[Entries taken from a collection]
>>>

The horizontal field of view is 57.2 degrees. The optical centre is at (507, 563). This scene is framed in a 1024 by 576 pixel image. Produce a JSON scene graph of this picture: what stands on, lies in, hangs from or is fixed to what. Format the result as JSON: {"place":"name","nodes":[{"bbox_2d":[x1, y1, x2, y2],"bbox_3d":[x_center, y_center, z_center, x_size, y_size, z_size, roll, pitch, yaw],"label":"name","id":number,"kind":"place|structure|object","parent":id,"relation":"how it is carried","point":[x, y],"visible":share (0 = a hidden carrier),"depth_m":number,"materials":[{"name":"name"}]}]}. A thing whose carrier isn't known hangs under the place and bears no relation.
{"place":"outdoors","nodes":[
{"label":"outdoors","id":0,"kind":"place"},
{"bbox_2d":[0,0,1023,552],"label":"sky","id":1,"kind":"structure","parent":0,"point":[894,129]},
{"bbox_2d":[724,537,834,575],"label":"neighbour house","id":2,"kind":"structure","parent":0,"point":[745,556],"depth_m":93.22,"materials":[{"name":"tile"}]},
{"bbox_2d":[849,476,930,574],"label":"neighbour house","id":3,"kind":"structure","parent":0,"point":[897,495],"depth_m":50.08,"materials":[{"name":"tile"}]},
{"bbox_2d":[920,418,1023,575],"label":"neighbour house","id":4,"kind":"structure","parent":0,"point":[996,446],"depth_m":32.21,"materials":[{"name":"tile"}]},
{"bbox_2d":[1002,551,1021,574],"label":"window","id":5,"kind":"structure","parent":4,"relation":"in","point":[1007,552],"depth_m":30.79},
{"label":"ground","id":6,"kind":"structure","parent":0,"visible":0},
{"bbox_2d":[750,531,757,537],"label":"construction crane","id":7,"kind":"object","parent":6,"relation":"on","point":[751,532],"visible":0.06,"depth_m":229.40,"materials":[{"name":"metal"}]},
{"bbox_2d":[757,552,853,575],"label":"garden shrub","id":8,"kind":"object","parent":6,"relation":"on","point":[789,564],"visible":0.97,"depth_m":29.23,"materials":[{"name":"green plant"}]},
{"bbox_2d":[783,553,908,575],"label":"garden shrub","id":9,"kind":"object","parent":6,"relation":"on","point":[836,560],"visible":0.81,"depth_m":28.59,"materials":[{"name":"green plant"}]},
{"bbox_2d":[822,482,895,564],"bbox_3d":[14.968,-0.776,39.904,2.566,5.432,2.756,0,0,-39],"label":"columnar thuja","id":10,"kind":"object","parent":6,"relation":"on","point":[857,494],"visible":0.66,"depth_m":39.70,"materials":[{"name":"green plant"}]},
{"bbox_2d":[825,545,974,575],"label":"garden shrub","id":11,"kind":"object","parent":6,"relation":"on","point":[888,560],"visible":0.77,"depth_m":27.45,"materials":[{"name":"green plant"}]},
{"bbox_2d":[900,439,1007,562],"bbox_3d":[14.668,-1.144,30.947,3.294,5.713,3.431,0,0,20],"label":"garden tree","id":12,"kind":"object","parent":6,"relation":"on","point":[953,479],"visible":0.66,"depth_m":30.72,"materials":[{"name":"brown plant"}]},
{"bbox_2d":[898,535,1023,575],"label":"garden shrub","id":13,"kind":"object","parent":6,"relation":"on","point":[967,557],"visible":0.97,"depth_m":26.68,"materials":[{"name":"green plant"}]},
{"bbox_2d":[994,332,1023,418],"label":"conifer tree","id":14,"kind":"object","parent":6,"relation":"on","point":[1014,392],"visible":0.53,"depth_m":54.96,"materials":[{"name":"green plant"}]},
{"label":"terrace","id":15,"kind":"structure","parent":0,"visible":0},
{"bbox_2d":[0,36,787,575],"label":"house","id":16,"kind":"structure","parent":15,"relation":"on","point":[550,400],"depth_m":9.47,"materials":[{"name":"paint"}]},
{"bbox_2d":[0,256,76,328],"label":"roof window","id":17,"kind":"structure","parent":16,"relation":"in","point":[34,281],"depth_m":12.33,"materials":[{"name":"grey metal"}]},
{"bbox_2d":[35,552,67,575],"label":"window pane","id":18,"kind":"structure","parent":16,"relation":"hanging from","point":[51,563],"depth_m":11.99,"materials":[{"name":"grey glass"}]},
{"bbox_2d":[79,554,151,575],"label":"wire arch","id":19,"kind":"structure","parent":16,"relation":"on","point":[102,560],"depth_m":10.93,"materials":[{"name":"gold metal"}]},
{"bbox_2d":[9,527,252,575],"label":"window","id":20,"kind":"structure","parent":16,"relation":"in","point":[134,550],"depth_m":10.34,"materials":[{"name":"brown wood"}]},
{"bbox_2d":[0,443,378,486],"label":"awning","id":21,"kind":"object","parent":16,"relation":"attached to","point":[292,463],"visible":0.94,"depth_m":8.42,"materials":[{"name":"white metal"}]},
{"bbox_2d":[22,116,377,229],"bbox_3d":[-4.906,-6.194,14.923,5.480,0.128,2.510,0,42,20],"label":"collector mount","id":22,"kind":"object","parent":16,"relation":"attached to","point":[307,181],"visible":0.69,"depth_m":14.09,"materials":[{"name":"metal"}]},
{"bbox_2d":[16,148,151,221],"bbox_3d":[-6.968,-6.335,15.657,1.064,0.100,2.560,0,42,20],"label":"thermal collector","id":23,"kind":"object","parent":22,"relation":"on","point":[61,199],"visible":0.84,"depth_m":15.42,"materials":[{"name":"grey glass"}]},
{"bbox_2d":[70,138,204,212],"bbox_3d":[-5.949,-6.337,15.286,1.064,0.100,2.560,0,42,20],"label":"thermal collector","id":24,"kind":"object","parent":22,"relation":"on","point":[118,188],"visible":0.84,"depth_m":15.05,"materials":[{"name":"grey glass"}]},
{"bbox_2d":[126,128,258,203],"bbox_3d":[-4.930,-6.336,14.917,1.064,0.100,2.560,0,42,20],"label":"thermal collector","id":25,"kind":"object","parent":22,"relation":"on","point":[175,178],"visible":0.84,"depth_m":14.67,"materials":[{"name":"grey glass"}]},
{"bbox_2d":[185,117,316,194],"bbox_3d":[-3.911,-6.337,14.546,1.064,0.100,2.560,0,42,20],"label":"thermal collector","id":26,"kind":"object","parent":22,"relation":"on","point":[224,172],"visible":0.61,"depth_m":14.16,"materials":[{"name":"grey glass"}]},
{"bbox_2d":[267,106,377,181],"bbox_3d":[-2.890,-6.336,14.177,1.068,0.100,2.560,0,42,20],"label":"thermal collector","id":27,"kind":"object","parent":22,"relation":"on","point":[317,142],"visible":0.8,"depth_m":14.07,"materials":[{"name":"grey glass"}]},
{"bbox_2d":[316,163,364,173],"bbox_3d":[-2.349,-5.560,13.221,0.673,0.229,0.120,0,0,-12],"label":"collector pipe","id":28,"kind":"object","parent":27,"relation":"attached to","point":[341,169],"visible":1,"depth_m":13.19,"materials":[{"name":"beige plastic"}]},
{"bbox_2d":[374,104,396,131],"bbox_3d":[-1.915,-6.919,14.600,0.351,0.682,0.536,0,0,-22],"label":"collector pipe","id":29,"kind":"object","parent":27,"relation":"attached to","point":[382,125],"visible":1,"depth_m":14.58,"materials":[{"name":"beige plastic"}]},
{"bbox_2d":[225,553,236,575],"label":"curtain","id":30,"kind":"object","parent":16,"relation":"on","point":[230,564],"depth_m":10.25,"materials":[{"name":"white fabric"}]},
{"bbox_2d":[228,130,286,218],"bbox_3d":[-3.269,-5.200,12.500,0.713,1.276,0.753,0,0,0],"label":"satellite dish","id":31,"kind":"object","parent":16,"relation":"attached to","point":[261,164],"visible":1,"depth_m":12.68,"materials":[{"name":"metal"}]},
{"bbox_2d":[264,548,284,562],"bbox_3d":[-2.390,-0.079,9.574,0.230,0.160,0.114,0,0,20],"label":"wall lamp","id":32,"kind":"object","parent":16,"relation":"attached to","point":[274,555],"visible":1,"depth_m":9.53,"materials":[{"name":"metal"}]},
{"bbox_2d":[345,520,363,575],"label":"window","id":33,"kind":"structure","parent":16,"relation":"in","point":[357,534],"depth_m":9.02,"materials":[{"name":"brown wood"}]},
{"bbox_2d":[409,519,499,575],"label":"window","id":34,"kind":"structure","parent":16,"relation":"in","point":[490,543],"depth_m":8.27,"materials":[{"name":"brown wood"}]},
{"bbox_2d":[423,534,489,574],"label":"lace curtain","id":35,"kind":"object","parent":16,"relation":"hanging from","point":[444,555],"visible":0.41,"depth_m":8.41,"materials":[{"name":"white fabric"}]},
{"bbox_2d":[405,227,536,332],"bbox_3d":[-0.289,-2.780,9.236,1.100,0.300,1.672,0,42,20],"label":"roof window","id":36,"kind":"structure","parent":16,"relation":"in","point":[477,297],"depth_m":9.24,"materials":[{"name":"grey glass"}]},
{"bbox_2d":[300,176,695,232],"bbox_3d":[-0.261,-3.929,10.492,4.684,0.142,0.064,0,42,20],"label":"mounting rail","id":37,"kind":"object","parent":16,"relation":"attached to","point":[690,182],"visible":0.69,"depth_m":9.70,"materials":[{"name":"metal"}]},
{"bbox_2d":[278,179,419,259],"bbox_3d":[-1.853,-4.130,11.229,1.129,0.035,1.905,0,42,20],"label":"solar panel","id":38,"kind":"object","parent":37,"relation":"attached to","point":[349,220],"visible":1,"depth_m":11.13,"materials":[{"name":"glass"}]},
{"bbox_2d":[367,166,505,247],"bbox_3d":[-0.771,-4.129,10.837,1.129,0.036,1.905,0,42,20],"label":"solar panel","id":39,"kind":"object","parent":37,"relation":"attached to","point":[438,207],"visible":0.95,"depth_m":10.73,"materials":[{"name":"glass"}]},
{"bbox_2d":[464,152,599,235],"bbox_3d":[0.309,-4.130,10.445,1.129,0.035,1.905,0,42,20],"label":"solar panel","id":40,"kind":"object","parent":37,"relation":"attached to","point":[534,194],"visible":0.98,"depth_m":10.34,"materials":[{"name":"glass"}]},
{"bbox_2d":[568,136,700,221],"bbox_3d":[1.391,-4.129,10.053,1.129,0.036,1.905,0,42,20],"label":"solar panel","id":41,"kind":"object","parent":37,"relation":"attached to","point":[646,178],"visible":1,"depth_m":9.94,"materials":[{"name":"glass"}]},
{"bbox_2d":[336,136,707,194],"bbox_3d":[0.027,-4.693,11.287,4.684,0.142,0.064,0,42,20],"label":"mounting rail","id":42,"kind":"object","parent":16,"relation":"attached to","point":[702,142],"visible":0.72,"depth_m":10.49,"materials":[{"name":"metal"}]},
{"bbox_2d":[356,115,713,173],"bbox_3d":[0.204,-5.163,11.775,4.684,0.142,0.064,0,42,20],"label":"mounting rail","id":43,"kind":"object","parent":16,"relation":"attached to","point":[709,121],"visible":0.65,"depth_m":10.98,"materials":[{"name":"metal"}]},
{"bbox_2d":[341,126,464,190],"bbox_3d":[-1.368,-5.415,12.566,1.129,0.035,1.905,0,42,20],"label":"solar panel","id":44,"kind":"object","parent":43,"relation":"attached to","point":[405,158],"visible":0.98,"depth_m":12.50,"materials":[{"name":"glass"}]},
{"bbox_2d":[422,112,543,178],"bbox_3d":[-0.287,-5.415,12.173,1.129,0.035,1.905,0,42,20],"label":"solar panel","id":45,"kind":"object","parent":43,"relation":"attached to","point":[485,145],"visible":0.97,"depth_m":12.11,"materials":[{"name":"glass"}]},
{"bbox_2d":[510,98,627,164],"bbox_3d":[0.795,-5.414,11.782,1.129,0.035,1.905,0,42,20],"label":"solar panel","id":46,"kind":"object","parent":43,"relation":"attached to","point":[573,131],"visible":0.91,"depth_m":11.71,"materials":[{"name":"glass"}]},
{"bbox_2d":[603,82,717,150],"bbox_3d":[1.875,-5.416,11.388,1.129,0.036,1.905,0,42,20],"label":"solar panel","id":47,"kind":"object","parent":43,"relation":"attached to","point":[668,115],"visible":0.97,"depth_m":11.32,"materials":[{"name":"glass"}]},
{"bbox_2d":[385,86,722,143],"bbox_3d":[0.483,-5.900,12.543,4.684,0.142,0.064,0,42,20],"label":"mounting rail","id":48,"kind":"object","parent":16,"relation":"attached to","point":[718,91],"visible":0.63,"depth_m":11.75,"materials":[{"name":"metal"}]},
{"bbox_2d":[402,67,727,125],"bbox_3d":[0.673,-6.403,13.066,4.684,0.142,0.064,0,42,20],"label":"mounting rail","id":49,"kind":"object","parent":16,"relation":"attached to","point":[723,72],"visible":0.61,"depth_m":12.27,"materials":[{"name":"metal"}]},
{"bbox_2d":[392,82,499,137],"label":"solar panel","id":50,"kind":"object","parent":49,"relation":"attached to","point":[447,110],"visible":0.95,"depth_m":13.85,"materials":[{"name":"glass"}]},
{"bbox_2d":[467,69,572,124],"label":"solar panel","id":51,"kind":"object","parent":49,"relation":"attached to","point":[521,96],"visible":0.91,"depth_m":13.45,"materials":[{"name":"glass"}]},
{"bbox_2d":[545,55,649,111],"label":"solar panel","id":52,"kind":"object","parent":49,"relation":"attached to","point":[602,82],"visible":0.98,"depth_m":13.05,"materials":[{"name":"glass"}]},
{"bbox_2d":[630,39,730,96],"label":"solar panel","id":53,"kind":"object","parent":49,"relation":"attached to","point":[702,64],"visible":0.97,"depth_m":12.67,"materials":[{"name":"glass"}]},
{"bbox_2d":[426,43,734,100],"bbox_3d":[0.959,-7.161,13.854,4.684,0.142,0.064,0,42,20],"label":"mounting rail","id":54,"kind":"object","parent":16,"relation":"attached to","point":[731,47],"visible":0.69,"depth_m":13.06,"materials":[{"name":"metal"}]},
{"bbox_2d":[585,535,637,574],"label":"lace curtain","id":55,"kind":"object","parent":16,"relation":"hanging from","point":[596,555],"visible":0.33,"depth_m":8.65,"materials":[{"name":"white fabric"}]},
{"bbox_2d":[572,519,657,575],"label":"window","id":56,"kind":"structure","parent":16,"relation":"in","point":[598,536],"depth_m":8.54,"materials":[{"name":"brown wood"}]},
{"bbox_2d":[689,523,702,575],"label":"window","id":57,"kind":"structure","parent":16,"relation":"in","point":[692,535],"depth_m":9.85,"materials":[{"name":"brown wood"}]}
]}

<<<

ABOUT THIS TASK: Give the count of lines in the data above that hold the string "place", with no additional words.

WRITTEN SOLUTION: 3